The format of the DISTRIB function is:

DISTRIB( Control@, MinerState, Probability)

The function is usually built automatically by the Data Miner, and provides a range to a variable, indicating the values present in a list, internally constructed during the Learning phase of Web or Data Mining.

The parameters control the operation of the DISTRIB function:

**Control@ **- if TRUE, the function will respond to the state of the
MinerState connection, either storing information or outputting it. If not TRUE, the
operator does nothing.

**MinerState** - the MinerState can be Quiescent, Learning or Running, or
an intermediate state. If Learning, the information coming in the value pin is constructed
into a probability distribution, for later output during the Run state. That is, during
the Run state the variable takes on the range found during the Learn state.

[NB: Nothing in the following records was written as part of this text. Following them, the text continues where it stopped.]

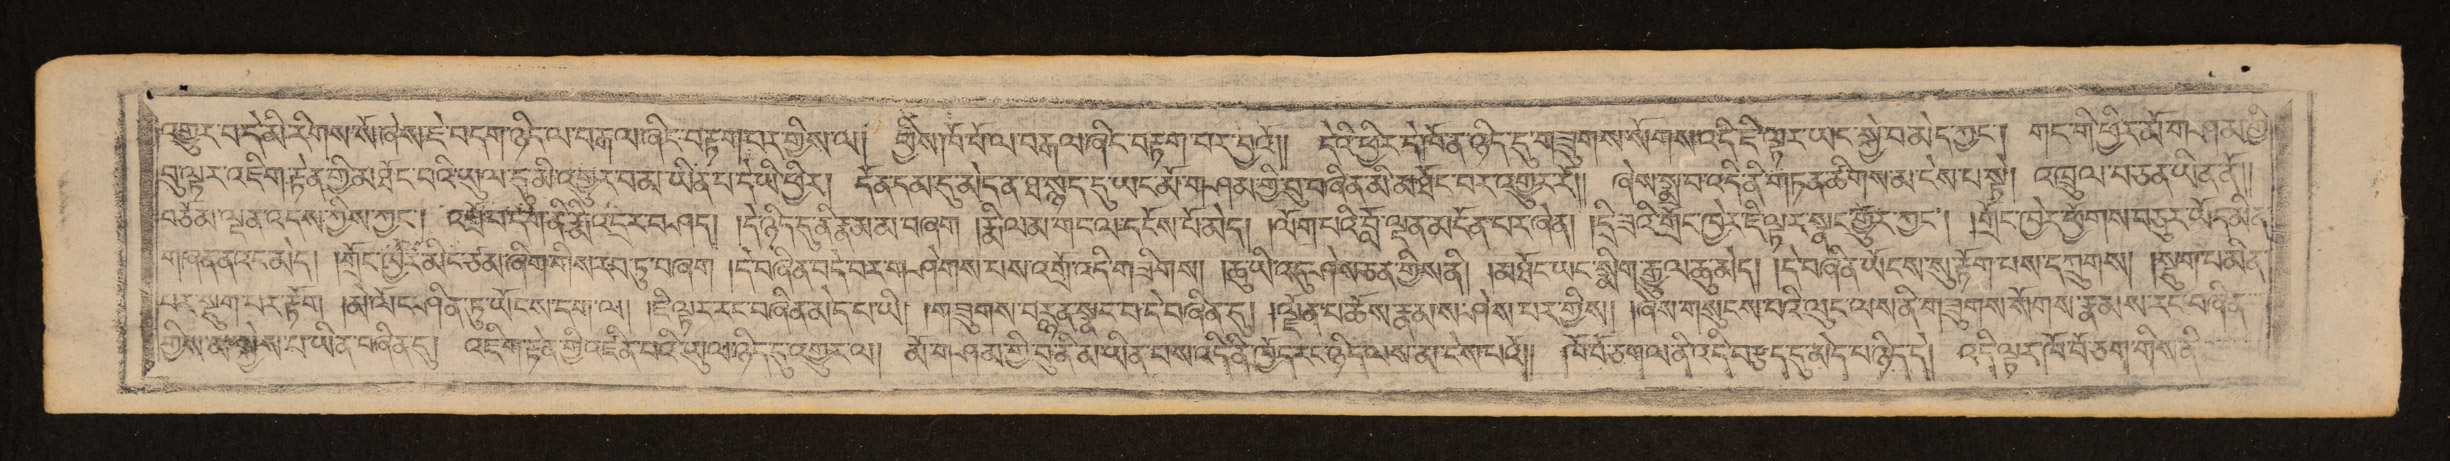འགྱུར་བ་དེ་མི་རིགས་སོ་ཞེས་ཇེ་བདག་ཉིད་ལ་བརྒལ་ཞིང་བརྟག་པར་གྱིས་ལ། ཕྱིས་ཁོ་བོ་ལ་བརྒལ་ཞིང་བརྟག་པར་བྱའོ།། དེའི་ཕྱིར་དེ་ཁོ་ན་ཉིད་དུ་གཟུགས་སོགས་འདི་ཇི་ལྟར་ཡང་སྐྱེ་བ་མེད་ཀྱང་། གང་གི་ཕྱིར་མོ་གཤམ་གྱི་
བུ་ལྟར་འཇིག་རྟེན་གྱི་མཐོང་བའི་ཡུལ་དུ་མི་འགྱུར་བ་མ་ཡིན་པ་དེ་ཡི་ཕྱིར། དོན་དམ་དུ་མེད་ན་ཐ་སྙད་དུ་ཡང་མོ་གཤམ་གྱི་བུ་བཞིན་མི་མཐོང་བར་འགྱུར་རོ།། ཞེས་སྨྲ་བ་འདི་ནི་གཏན་ཚིགས་མ་ངེས་པ་སྟེ། འཁྲུལ་པ་ཅན་ཡིན་ནོ།།
བཅོམ་ལྡན་འདས་ཀྱིས་ཀྱང་། འགྲོ་བ་དག་ནི་རྨི་འདྲར་བཤད། །དེ་ཉིད་དུ་ནི་རྣམ་མ་བཞག །རྨི་ལམ་གང་ལ་དངོས་པོ་མེད། །ལོག་པའི་བློ་ལྡན་མངོན་པར་ཞེ་ན། །དྲི་ཟའི་གྲོང་ཁྱེར་ཇི་ལྟར་སྣང་གྱུར་ཀྱང་། །གྲོང་ཁྱེར་ཕྱོགས་བཅུར་ཡོད་མིན་
གཞན་ནའང་མེད། །གྲོང་ཁྱེར་མིང་ཙམ་ཞིག་གིས་རབ་ཏུ་བཞག །དེ་བཞིན་བདེ་བར་གཤེགས་པས་འགྲོ་འདི་གཟིགས། །ཆུ་ཡི་འདུ་ཤེས་ཅན་གྱིས་ནི། །མཐོང་ཡང་སྨིག་རྒྱུ་ལ་ཆུ་མེད། །དེ་བཞིན་ཡོངས་སུ་རྟོག་པས་དཀྲུགས། །སྡུག་པ་མིན་
པར་སྡུག་པར་རྟོག །མེ་ལོང་ཤིན་ཏུ་ཡོངས་དག་ལ། །ཇི་ལྟར་རང་བཞིན་མེད་པ་ཡི། །གཟུགས་བརྙན་སྣང་བ་དེ་བཞིན་དུ། །ལྗོན་པ་ཆོས་རྣམས་ཤེས་བར་གྱིས། །ཞེས་གསུངས་པའི་ལུང་ལས་ནི་གཟུགས་སོགས་རྣམས་རང་བཞིན་
གྱིས་མ་སྐྱེས་པ་ཡིན་བཞིན་དུ། འཇིག་རྟེན་གྱི་འཛིན་པའི་ཡུལ་ཉིད་དུ་འགྱུར་ལ། མོ་གཤམ་གྱི་བུ་ནི་མ་ཡིན་པས་འདི་ནི་ཁྱོད་རང་ཉིད་ལས་མ་ངེས་པའོ།། ཁོ་བོ་ཅག་ལ་ནི་འདི་བརྩད་དུ་མེད་པ་ཉིད་དེ། འདི་ལྟར་ཁོ་བོ་ཅག་གིས་ནི་

**Probability** - if no Probability is specified externally, the initial
value of Probability will be set to 0..100 (indicating a probability of 100%), and the
full range will be output at the value pin. Reducing the range of the **Probability**
will reduce the range of alternatives at the value pin, based on frequency of occurrence.

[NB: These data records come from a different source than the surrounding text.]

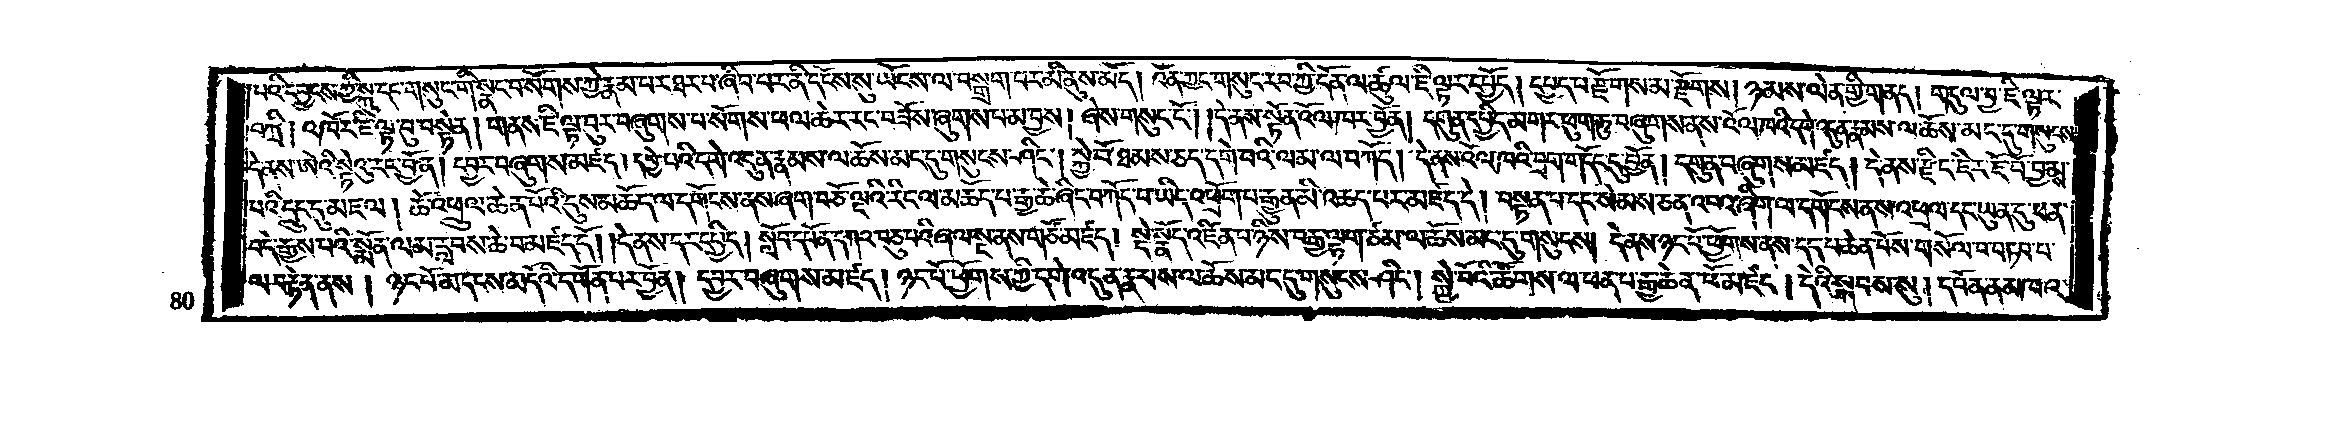པའི་དབྱངས་ཀྱི་སྐུ་དང་གསུང་གི་སྣང་བ་སོགས་ཀྱེ་?་རྣམ་པར་ཐར་པ་ཞིབ་པར་ནི་དངོས་སུ་ཡོངས་ལ་བསྒྲག་པར་མི་ནུས་མོད། འོན་ཀྱང་གསུང་རབ་ཀྱི་དོན་ལ་ཚུལ་ཇི་ལྟར་དཔྱོད། དཔྱད་པ་རྫོགས་མ་རྫོགས། ཉམས་ལེན་གྱི་གནད། གདུལ་བྱ་ཇི་ལྟར་
བཀྲི། འཁོར་ཇི་ལྟ་བུ་བསྟེན། གནས་ཇི་ལྟ་བུར་བཞུགས་པ་སོགས་ཕལ་ཆེར་རང་བཟོས་ཞུགས་པ་མ་བྱས། ཞེས་གསུང་ངོ། །དེ་ནས་སྟོན་འོལ་ཁར་བྱོན། དགུན་དཔྱིད་མགར་ཕུག་ཏུ་བཞུགས་ནས་འོལ་ཁའི་དགེ་འདུན་རྣམས་ལ་ཆོས་མང་དུ་གསུངས་
དེ་ནས་ཨེའི་སྟེའུ་རང་བྱོ་ན། དབྱར་བཞུགས་མཛད། དབྱེ་པའི་དགེ་འདུན་རྣམས་ལ་ཆོས་མང་དུ་གསུངས་ཤིང་། སྐྱེ་བོ་ཐམས་ཅད་དགེ་བའི་ལམ་ལ་བཀོད། དེ་ནས་འོལ་ཁའི་བྲག་གདོང་དུ་བྱོན། དགུན་བཞུགས་མཛད། དེ་ནས་རྫིང་ཇིར་ཇོ་བོ་བྱམས་
པའི་དྲུང་དུ་མཇལ། ཆོ་འཕྲུལ་ཆེན་པོའི་དུས་མཆོད་ལ་དགོངས་ནས་ཞག་བཅོ་ལྔའི་རིང་ལ་མཆོད་པ་རྒྱ་ཆེ་ཞིང་བཀོད་པ་ཡིད་འཕྲོག་པ་རྒྱུན་མི་འཆད་པར་མཛད་དེ། བསྟན་པ་དང་སེམས་ཅན་འབའ་ཞིག་ལ་དགོངས་ནས་འཕྲལ་དང་ཡུན་དུ་ཕན་
བདེ་རྒྱས་པའི་སྨོན་ལམ་རླབས་ཆེ་བ་མཛད་དོ། །དེ་ནས་དར་དཔྱིད། སློབ་དཔོན་དཀའ་བཅུ་པའི་ཞལ་སྔ་ནས་གཙོ་མཛད། སྡེ་སྣོད་འཛིན་པ་ཉིས་བརྒྱ་ལྷག་ཙམ་ལ་ཆོས་མང་དུ་གསུངས། དེ་ནས་ཉང་པོ་ཕྱོགས་ནས་དད་པ་ཆེན་པོས་གསོལ་བ་བཏབ་པ་
ལ་བརྟེན་ནས། ཉང་པོ་མ་དངས་མདོའི་དགོན་པར་བྱོན། དབྱར་བཞུགས་མཛད། ཉང་པོ་ཕྱོགས་ཀྱི་དགེ་འདུན་རྣམས་ལ་ཆོས་མང་དུ་གསུངས་ཤིང་། སྐྱེ་བོའི་ཚོགས་ལ་ཕན་པ་རྒྱ་ཆེན་པོ་མཛད། དེའི་སྐབས་སུ། དཔོན་ནམ་མཁའ་

The DISTRIB function handles logical, string and numeric distributions, and creates a distribution with no holes, or nil occurrences, in it.

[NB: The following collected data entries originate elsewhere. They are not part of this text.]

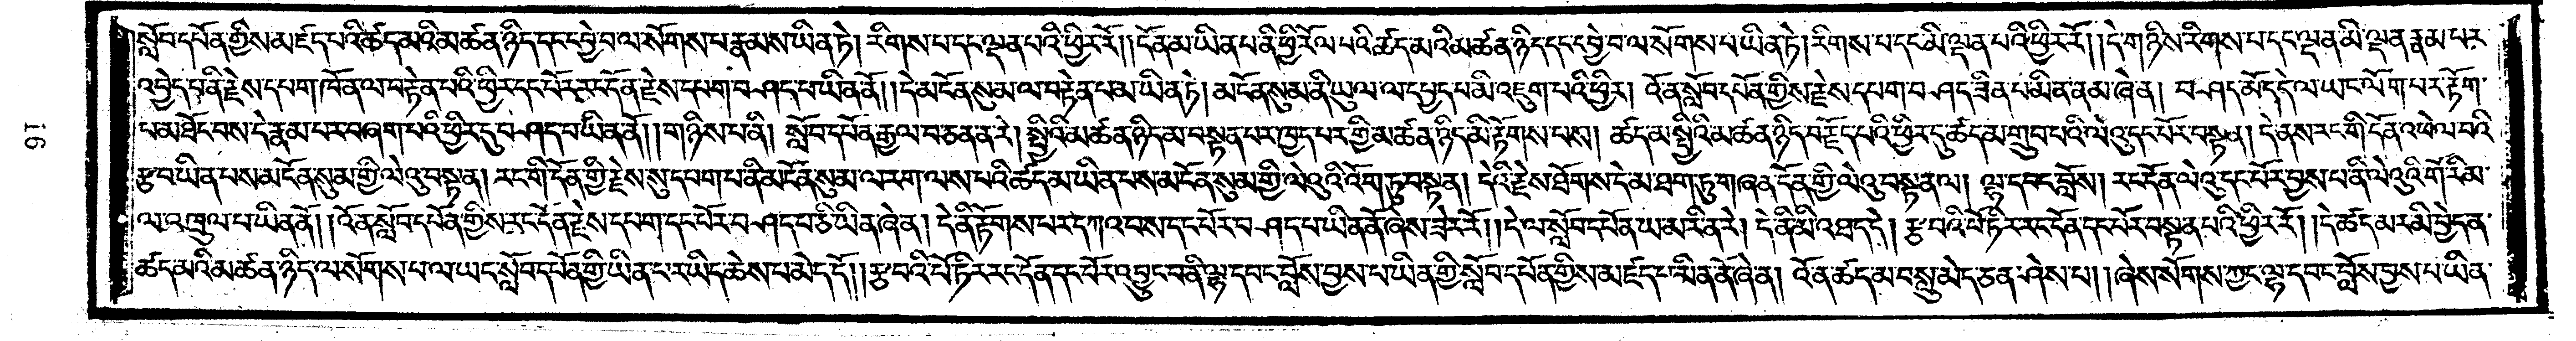སློབ་དཔོན་གྱིས་མཛད་པའི་ཚད་མའི་མཚན་ཉིད་དང་དབྱེ་བ་ལ་སོགས་པ་རྣམས་ཡིན་ཏེ། རིགས་པ་དང་ལྡན་པའི་ཕྱིར་རོ། །དོན་མ་ཡིན་པ་ནི་ཕྱི་རོལ་པའི་ཚད་མའི་མཚན་ཉིད་དང་དབྱེ་བ་ལ་སོགས་པ་ཡིན་ཏེ། རིགས་པ་དང་མི་ལྡན་པའི་ཕྱིར་རོ། །དེ་གཉིས་རིགས་པ་དང་ལྡན་མི་ལྡན་རྣམ་པར་
འབྱེད་པ་ནི་རྗེས་དཔག་ཁོ་ན་ལ་བརྟེན་པའི་ཕྱིར་དང་པོར་རང་དོན་རྗེས་དཔག་བཤད་པ་ཡིན་ནོ། །དེ་མངོན་སུམ་ལ་བརྟེན་པ་མ་ཡིན་ཏེ། མངོན་སུམ་ནི་ཡུལ་ལ་དཔྱད་པ་མི་འཇུག་པའི་ཕྱིར། འོ་ན་སློབ་དཔོན་གྱིས་རྗེས་དཔག་བཤད་ཟིན་པ་མིན་ནམ་ཞེ་ན། བཤད་མོད་དེ་ལ་ཡང་ལོག་པར་རྟོག་
པ་མཐོང་བས་དེ་རྣམ་པར་བཞག་པའི་ཕྱིར་དུ་བཤད་པ་ཡིན་ནོ། །གཉིས་པ་ནི། སློབ་དཔོན་རྒྱལ་བ་ཅན་ན་རེ། སྤྱིའི་མཚན་ཉིད་མ་བསྟན་པར་ཁྱད་པར་གྱི་མཚན་ཉིད་མི་རྟོགས་པས། ཚད་མ་སྤྱིའི་མཚན་ཉིད་བརྗོད་པའི་ཕྱིར་དུ་ཚད་མ་གྲུབ་པའི་ལེའུ་དང་པོར་བསྟན། དེ་ནས་རང་གི་དོན་འཕེལ་བའི་
རྩ་བ་ཡིན་པས་མངོན་སུམ་གྱི་ལེའུ་བསྟན། རང་གི་དོན་གྱི་རྗེས་སུ་དཔག་པ་ནི་མངོན་སུམ་ལ་རག་ལས་པའི་ཚད་མ་ཡིན་པས་མངོན་སུམ་གྱི་ལེའུའི་འོག་ཏུ་བསྟན། དེའི་རྗེས་ཐོགས་དེ་མ་ཐག་ཏུ་གཞན་དོན་གྱི་ལེའུ་བསྟན་ལ། ལྷ་དབང་ཟློས། རང་དོན་ལེའུ་དང་པོར་བྱས་པ་ནི་ལེའུའི་གོ་རིམ་
ལ་འཁྲུལ་པ་ཡིན་ནོ། །འོ་ན་སློབ་དཔོན་གྱིས་རང་དོན་རྗེས་དཔག་དང་པོར་བཤད་པ་ཅི་ཡིན་ཞེ་ན། དེ་ནི་རྟོགས་པར་དཀའ་བས་དང་པོར་བཤད་པ་ཡིན་ནོ་ཞེས་ཟེར་རོ། །དེ་ལ་སློབ་དཔོན་ཡ་མ་རི་ན་རེ། དེ་ནི་མི་འཐད་དེ། རྩ་བའི་བོ་ཏིར་རང་དོན་དང་པོར་བསྟན་པའི་ཕྱིར་རོ། །དེ་ཚད་མར་མི་བྱེད་ན་
ཚད་མའི་མཚན་ཉིད་ལ་སོགས་པ་ལ་ཡང་སློབ་དཔོན་གྱི་ཡིན་པར་ཡིད་ཆས་པ་མེད་དོ། །རྩ་བའི་བོ་ཏིར་རང་དོན་དང་པོར་འབྱུང་བ་ནི་ལྷ་དབང་བློས་བྱས་པ་ཡིན་གྱི་སློབ་དཔོན་གྱིས་མཛད་པ་མིན་ནོ་ཞེ་ན། འོ་ན་ཚད་མ་བསླུ་མེད་ཅན་ཤེས་པ། །ཞེས་སོགས་ཀྱང་ལྷ་དབང་བློས་བྱས་པ་ཡིན་

**Logicals**- The distribution only contains TRUE and FALSE, but can output a Bayesian value indicating the ratio of these occurrences. For a Bayesian value, the logical state is UKE with a value ranging from 0 (FALSE) to 1.0 (TRUE).
**Strings**- For strings, the actual strings are stored, together with a count of occurrence. When in
Running state, a list of alternative string values is output. The alternatives are
dependent on the probability, a lower probability threshold pruning the alternatives. As
an example, the following strings are read from the database, together with their
frequency of occurrence:
ABC 25 DEF 12 GHJ 3 XYZ 1

At completion of the learning phase, the strings are ordered in decreasing frequency. A request for all possible alternatives (Probability of 0..100) would result in

ABC, DEF, GHJ, XYZ

whereas a request for a probability of 0..90 would result in

ABC, DEF

If the number of strings would exceed 100, a catchall string of '*' is used.

**Numbers**- For integers and reals, the frequency of occurrence for individual numbers is stored. If the number of different numbers would exceed 100, clumping into ranges is used where frequency of occurrence is low. The combination of ranges where there is low frequency of occurrence with single values where there is high frequency keeps the overall number of objects around 100 while maintaining precision.

The contents of the distribution operator can be inspected and edited using the **PieceLine** interface.